### Exercise materials

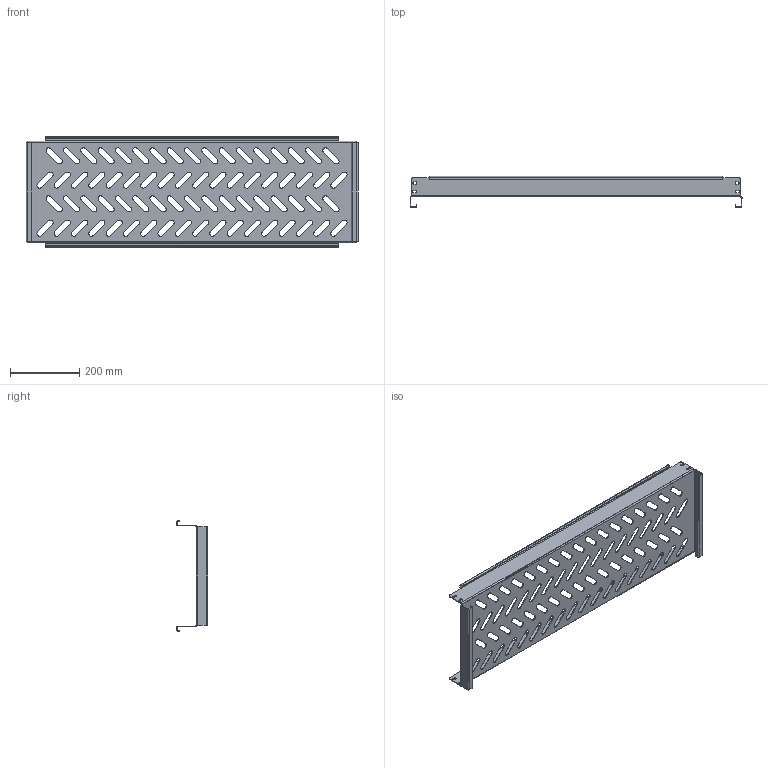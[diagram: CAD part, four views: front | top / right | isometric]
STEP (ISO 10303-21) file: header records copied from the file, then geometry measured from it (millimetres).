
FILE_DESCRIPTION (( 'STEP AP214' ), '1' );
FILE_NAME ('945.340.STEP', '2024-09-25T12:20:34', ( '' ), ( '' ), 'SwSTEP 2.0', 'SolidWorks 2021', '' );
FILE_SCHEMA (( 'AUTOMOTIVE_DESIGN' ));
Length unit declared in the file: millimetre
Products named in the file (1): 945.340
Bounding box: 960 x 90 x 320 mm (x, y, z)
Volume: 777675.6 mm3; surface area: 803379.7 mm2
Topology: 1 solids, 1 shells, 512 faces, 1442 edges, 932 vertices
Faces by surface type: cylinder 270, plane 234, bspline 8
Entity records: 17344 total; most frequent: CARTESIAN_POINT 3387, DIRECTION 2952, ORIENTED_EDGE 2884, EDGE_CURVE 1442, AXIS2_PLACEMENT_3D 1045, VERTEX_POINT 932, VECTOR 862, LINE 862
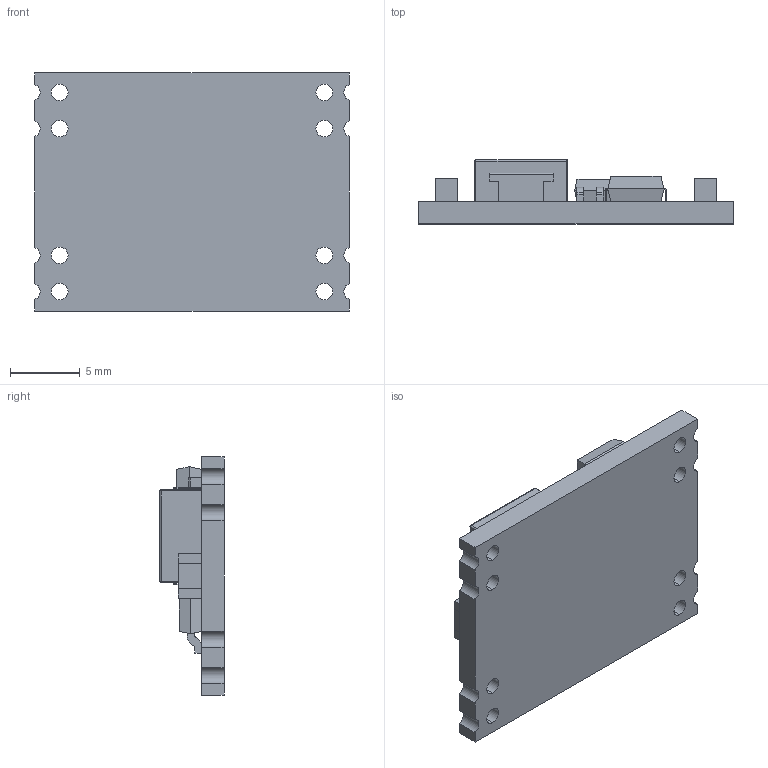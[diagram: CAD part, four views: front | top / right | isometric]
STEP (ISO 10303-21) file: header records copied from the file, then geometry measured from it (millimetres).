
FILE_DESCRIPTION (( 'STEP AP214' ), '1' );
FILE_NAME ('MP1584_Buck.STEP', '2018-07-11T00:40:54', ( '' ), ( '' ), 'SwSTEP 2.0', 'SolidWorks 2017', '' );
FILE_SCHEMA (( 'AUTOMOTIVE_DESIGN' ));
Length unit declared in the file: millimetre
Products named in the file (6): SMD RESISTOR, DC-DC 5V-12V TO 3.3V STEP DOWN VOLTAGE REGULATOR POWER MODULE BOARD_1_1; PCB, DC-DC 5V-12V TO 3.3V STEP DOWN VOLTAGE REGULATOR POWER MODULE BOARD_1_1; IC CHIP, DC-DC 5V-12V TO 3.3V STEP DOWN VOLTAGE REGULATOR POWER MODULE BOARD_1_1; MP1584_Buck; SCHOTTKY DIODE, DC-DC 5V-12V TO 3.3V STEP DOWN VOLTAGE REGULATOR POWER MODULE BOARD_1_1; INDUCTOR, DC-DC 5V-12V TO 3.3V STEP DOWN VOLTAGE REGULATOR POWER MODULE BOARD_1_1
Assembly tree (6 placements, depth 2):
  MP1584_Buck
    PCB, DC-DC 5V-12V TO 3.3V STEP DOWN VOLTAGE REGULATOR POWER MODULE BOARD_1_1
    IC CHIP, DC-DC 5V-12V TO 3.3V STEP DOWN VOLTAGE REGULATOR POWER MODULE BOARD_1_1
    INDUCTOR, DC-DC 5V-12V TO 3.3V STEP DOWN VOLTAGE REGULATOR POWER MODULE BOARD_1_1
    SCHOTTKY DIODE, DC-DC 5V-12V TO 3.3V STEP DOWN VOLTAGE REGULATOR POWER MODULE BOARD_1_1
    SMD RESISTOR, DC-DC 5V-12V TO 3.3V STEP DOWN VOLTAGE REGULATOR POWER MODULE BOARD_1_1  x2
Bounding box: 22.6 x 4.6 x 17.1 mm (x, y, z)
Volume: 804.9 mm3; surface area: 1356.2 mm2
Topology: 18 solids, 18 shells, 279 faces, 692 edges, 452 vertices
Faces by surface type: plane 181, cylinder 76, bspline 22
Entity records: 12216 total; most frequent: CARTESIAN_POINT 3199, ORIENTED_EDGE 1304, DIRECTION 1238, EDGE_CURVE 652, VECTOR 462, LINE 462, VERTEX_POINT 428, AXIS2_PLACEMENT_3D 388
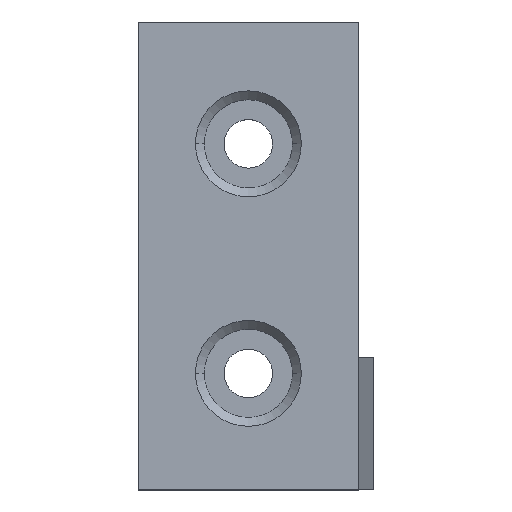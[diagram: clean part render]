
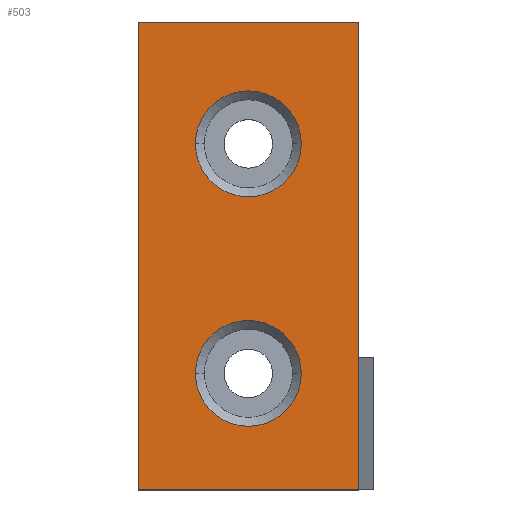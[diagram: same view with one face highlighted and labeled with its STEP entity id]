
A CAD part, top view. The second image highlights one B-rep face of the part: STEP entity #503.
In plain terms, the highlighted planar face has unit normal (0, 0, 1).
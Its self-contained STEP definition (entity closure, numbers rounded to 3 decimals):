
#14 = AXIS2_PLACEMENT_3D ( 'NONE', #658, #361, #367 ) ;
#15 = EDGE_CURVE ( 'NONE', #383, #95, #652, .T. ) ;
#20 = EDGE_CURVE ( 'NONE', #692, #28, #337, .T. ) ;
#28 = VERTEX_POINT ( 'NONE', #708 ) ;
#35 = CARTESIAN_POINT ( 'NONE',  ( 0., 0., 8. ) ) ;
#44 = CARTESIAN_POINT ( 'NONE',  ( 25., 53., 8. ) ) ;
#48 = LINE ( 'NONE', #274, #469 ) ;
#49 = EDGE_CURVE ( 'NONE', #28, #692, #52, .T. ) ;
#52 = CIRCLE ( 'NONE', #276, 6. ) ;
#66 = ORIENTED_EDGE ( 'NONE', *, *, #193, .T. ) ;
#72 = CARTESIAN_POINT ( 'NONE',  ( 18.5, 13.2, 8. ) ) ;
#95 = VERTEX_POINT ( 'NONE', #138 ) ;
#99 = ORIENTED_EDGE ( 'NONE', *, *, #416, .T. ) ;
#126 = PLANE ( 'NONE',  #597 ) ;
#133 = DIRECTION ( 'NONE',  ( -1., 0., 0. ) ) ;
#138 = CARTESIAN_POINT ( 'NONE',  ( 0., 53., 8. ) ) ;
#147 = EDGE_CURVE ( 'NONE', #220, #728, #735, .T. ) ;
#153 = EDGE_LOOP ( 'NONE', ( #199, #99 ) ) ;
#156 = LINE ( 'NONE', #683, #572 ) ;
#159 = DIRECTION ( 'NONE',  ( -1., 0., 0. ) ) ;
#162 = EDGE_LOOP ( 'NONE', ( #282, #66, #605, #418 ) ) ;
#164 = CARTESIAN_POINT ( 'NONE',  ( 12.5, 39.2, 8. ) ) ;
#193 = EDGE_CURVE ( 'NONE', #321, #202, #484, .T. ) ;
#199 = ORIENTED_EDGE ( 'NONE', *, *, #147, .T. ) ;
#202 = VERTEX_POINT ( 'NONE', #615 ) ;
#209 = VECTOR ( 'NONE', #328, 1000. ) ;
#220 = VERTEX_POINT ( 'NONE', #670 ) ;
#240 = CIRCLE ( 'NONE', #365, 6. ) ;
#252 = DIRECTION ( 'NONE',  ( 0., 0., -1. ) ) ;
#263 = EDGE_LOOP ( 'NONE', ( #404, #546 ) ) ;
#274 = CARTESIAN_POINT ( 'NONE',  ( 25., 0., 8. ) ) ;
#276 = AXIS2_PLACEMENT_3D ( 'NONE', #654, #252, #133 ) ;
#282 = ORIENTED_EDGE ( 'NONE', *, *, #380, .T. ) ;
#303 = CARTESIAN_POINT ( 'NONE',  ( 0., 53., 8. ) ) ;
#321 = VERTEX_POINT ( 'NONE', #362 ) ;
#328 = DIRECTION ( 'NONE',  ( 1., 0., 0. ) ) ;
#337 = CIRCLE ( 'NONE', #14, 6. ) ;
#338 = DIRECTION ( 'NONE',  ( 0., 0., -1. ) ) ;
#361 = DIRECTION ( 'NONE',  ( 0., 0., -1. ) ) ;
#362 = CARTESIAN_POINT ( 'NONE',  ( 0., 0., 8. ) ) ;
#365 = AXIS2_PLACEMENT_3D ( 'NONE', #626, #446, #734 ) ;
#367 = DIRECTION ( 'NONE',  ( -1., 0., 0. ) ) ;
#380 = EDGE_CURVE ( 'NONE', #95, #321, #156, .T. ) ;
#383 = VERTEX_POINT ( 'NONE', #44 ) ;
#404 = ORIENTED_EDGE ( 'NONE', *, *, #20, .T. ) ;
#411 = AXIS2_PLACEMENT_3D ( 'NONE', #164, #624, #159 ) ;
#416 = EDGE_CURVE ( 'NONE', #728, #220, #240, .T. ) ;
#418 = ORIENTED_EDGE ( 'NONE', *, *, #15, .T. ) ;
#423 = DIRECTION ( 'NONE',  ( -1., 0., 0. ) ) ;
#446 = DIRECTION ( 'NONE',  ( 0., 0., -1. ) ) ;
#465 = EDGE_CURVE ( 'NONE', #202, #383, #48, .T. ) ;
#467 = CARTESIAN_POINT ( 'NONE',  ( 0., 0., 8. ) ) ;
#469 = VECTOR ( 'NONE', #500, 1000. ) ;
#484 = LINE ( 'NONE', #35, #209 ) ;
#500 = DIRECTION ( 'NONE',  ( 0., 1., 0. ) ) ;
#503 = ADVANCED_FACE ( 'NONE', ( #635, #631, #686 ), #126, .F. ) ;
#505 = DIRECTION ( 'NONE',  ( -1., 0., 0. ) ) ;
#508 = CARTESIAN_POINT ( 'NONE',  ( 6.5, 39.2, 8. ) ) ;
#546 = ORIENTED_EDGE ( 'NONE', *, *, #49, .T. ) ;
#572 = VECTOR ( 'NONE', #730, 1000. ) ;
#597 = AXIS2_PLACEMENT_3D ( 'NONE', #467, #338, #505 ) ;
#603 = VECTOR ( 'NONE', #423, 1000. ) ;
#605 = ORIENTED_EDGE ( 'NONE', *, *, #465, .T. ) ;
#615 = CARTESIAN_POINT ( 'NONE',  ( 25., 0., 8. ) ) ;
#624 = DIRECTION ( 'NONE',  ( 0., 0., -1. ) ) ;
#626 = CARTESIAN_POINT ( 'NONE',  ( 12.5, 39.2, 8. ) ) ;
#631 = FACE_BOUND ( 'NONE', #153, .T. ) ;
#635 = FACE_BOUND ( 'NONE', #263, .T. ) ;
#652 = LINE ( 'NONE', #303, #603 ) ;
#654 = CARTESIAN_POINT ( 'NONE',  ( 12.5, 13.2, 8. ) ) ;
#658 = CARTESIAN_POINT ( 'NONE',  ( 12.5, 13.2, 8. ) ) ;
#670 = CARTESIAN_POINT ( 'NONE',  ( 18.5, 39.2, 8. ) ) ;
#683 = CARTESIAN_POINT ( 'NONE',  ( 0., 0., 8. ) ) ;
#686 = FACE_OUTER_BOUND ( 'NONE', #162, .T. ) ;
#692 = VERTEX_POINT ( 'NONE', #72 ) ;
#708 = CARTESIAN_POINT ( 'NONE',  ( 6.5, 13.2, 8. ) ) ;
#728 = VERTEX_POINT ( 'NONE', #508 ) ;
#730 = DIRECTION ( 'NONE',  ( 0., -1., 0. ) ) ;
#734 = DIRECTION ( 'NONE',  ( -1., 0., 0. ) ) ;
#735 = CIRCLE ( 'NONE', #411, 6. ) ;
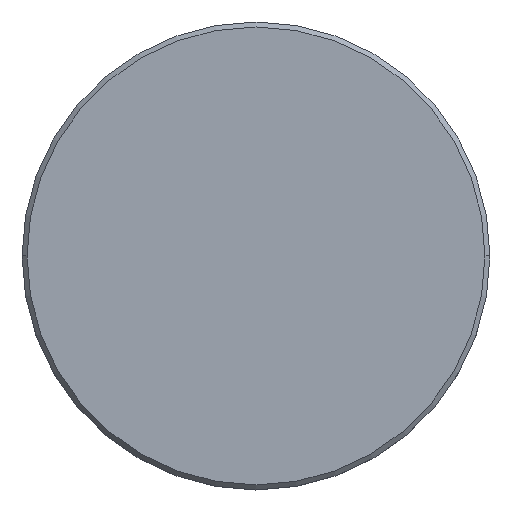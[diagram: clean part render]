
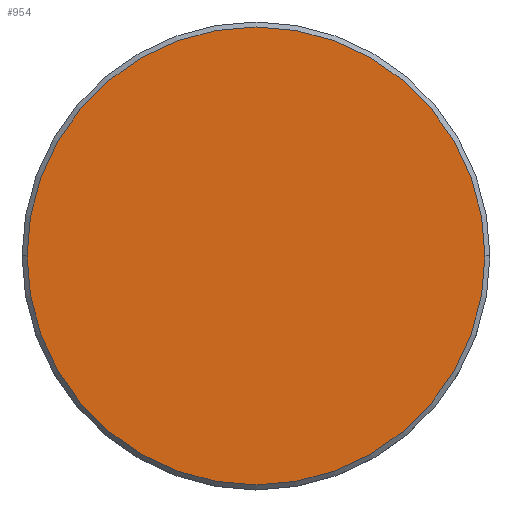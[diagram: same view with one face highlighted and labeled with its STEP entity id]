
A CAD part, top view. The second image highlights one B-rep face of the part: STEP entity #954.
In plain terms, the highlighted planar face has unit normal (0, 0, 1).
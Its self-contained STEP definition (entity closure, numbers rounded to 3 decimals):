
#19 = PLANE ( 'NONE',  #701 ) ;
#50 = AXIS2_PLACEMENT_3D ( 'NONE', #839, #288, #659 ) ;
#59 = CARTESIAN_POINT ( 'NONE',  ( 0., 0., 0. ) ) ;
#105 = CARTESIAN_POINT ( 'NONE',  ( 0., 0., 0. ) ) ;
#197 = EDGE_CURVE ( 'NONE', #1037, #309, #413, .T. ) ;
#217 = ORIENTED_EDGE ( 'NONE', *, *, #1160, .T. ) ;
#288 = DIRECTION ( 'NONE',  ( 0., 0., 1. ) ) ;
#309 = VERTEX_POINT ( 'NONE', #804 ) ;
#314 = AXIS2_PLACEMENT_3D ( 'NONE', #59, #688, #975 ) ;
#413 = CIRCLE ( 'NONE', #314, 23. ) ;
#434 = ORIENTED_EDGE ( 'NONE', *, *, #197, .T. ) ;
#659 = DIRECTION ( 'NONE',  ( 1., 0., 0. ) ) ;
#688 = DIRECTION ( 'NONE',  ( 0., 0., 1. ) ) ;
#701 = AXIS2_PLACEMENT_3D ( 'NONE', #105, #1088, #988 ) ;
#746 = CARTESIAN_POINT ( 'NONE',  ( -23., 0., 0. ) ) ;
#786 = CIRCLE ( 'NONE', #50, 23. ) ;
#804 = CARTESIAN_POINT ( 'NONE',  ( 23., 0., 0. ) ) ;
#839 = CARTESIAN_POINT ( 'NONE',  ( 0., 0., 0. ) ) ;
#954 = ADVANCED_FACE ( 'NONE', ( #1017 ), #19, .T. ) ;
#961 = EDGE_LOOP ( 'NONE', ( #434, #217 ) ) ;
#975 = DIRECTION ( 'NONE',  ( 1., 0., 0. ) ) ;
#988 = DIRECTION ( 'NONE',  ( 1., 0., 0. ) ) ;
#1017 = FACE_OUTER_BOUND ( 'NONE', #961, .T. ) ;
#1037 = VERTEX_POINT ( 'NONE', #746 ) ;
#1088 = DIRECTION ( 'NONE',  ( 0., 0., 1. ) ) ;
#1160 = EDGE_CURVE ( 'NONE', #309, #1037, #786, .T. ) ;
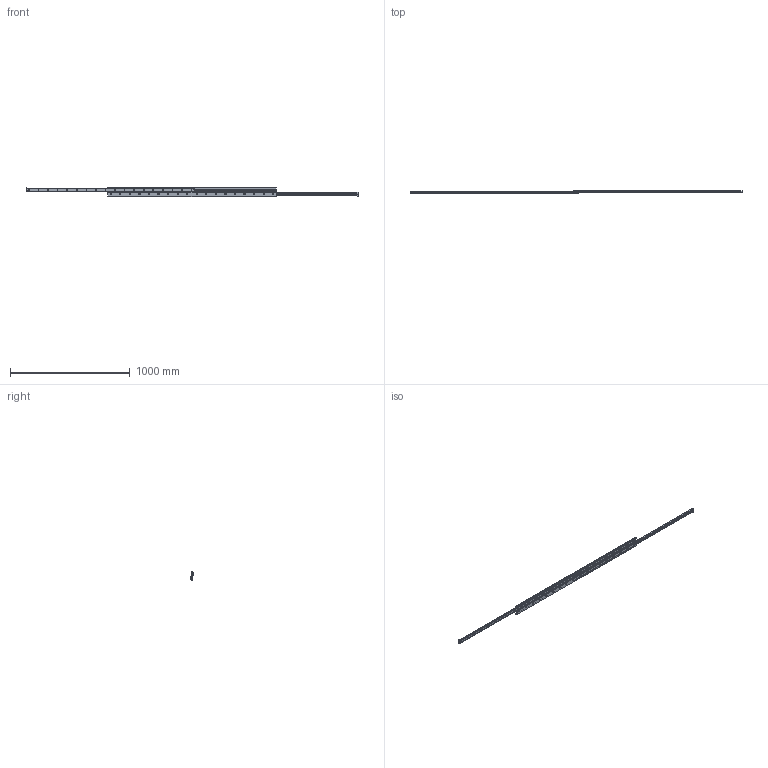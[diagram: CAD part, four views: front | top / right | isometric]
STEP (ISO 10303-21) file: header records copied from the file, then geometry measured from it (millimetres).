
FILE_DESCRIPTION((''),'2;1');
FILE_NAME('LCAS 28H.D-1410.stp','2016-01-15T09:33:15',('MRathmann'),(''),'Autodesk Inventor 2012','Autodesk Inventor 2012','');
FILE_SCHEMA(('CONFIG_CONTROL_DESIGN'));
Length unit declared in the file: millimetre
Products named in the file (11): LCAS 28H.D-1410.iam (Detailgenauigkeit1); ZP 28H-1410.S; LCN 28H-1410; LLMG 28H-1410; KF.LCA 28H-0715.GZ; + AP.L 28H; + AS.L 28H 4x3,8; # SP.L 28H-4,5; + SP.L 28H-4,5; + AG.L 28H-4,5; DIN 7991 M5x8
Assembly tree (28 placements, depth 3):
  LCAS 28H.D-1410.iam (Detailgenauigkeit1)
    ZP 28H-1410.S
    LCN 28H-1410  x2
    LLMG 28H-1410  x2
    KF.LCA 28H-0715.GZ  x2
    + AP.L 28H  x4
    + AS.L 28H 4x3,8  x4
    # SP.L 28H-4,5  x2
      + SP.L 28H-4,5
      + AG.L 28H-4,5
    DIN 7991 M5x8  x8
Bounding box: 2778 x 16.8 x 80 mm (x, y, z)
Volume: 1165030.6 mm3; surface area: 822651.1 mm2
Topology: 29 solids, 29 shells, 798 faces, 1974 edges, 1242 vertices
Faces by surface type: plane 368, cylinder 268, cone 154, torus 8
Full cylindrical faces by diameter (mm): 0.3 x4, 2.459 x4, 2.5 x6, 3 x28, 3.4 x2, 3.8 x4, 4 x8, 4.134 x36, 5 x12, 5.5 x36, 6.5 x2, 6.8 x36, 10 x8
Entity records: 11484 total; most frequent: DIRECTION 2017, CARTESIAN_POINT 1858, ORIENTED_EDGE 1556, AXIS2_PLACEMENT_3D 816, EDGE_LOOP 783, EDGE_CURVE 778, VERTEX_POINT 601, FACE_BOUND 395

######

Task objective — Answer with a single number, the count of lines above that contain "shells".

Response to this task — 3